しっかりしまっているように感じても、スクリューキャップ・コルク栓に限らず、ウイスキーの開栓口の気密性は意外と低いものです。一度も開けていなくても、長期間の保存によって徐々にウイスキーは揮発していきます。

パラフィルムの特性

伸縮性・気密性が高い

伸縮性が優れているため、ボトルに巻きつけることが容易にできる。また、しっかりと巻き付ければ気密性も高い。外気を遮断することで、ウイスキーとコルク栓の劣化を防止できる。

防水制

液漏れを防ぐ。

半透明で接着性がない

半透明であるため、目立たない。また、パラフィルムをはがした後に、セロテープのようにベタベタと残る心配がない。

無臭・無害

パラフィルムには香りが無いためウイスキーの香りに影響を与えない。

 

 

まとめ

バーテンダーが解説!ウイスキーの保存方法について重要な5つのポイント

① ボトルを立てて保管する。
・ウイスキーは横に寝かせて保管するとコルクが劣化し、液漏れが起こる可能性があるため、立てて保管する。

② 湿気や臭気の無い場所で保管する。
・高湿度はラベルやコルクの劣化につながる。臭気はウイスキーの香りを悪くする。

③ 光に当てないで保管する。
・紫外線に弱いため、直射日光には絶対に当てない。

④ 温度の変化ができるだけ少ない場所で保管する。
・一定の温度で保管。20℃前後がベスト。

⑤ パラフィルムを巻いて保存する。おすすめ!
・外気を遮断して劣化を防ぐ。

 

 

さまざまな保管・保存方法をご紹介しましたが、一番良いのは「開栓したら、できるだけ早く飲み切る」ことです。ウイスキーはワインのような急速な劣化はしないものの、長期間の保存には注意が必要ですね。

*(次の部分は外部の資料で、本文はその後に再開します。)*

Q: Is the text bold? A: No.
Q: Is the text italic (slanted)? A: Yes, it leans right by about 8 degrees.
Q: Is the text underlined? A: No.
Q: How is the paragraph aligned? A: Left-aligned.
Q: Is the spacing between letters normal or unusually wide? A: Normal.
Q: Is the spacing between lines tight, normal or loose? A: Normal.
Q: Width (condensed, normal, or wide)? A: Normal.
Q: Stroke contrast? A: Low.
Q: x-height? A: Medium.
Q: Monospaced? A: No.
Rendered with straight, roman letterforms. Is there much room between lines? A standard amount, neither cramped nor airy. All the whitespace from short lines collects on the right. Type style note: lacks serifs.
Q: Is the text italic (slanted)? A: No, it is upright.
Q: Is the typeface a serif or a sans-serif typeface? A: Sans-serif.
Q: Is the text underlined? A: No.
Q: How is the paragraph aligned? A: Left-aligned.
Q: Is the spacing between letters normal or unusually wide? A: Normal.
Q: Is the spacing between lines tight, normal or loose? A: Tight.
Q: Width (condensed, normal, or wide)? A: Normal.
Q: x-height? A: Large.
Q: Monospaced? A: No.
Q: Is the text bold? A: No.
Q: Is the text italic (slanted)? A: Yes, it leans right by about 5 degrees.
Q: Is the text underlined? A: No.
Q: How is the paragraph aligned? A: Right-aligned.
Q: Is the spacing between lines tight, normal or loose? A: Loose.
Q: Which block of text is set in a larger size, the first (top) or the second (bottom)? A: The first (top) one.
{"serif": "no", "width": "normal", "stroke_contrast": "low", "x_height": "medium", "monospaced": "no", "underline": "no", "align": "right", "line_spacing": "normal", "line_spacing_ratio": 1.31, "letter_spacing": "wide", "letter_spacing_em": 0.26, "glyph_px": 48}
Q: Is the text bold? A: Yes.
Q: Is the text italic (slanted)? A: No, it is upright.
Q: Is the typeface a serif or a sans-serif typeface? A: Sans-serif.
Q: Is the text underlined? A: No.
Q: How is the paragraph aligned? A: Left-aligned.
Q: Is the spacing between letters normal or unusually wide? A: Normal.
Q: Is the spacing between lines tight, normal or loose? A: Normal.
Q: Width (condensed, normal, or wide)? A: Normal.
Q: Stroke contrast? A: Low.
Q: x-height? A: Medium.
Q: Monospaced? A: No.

「パラフィルムを巻いて保存する」ことに関しては、簡単に実践することができ、劣化防止の効果も高いため、おすすめです。ウイスキーを長期間保管する際には無くてはならないアイテムとなりますので、コレクションが多い方はぜひ利用してみて下さい。

ユースケ
ユースケ

あなたの人生がウイスキーによって幸せになることを願っています。最後までご覧いただきありがとうございました。それでは、また。